Leading equity manager says the market is leaving tail risk behind
The Australian equities market was in a “sweet spot for risk assets” in 2013 as tail risk receded and monetary policy provided a “positive backdrop,” according to a leading fund manager from Tyndall Investment Management.
Tyndall’s head of Australian equities, Bob Van Munster, addressed a media lunch last week and said that the fund manager – now 12 months into ownership by Japan’s Nikko Asset Management – was on the positive side of market sentiment for 2013.
“The bears see the ASX coming back to 4200, the bulls see it pushing beyond 5000 points,” said Munster.
“We are not that bullish, but we are optimistic.”
Van Munster said that while Australian consumers were still paying down debt and while he was wary of the prospects for businesses exposed to consumer sentiment, corporate Australia had deleveraged and “corporate balance sheets are in good shape.”

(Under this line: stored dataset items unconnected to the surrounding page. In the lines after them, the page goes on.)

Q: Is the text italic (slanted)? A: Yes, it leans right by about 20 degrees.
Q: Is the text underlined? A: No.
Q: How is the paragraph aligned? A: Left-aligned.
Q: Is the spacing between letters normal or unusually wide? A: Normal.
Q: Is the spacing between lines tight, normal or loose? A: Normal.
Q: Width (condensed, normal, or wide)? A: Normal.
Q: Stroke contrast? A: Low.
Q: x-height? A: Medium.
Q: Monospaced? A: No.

“There’s also the issue of the continued high Australian dollar environment,” he said. “In 2011, the Australian dollar increased 13 per cent in value but it was essentially flat last year.
“It’s taken a while for corporates to realise that the currency is not going to revert, so what we see now is companies recasting their cost bases around current levels.”
This process, said Van Munster, would help “deliver productivity gains” which would flow through to improved earnings.
Another factor driving the sharemarket, he said, was the movement of money out of term deposits and credit and into equities.
“The chase for yield will still be there in 2013,” he said.
“And when that happens, and with interest rates low, there is naturally a growth in equities.”